Sean Murphy

Personal information
- Full name: Sean Murphy
- National team: Canada
- Born: March 21, 1964 (age 62) Montreal, Quebec, Canada
- Height: 1.83 m (6 ft 0 in)
- Weight: 76 kg (168 lb)

Sport
- Sport: Swimming
- Strokes: Backstroke
- Club: Etobicoke Swim Club
- College team: Stanford University

Medal record
Men's swimming
Representing Canada
Pan Pacific Championships
| Bronze medal – third place | 1985 Tokyo | 200 m backstroke |
Summer Universiade
| Silver medal – second place | 1985 Kobe | 200 m backstroke |

= Sean Murphy (swimmer) =

Canadian swimmer (born 1964)

Sean Murphy (born March 21, 1964) is a former backstroke swimmer from Canada, who competed for six years on the Canada national swimming team, setting several national records. Murphy competed in several international competitions, including the Pan Pacific Swimming Championships, Commonwealth Games, World University Games, FINA World Aquatics Championships, and the 1988 Summer Olympics in Seoul, South Korea. There, he finished in 8th in the final of the men's 100-metre backstroke.

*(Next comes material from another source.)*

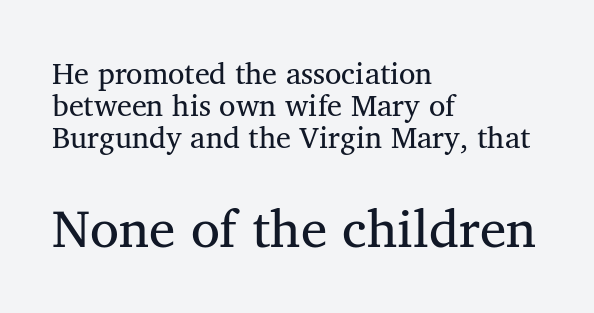
The image shows 53 px regular-weight serif type, upright; set left-aligned, tight line spacing (1.07x), normal letter spacing, not underlined; the second (bottom) block is 1.77x larger; medium stroke contrast and a medium x-height.

Murphy attended Stanford University, and competed for the Stanford Cardinal swimming and diving team from 1985 to 1988. As a college swimmer, he won three individual National Collegiate Athletic Association (NCAA) championships and contributed to three NCAA national team championships. He would also earn an MBA from Harvard Business School.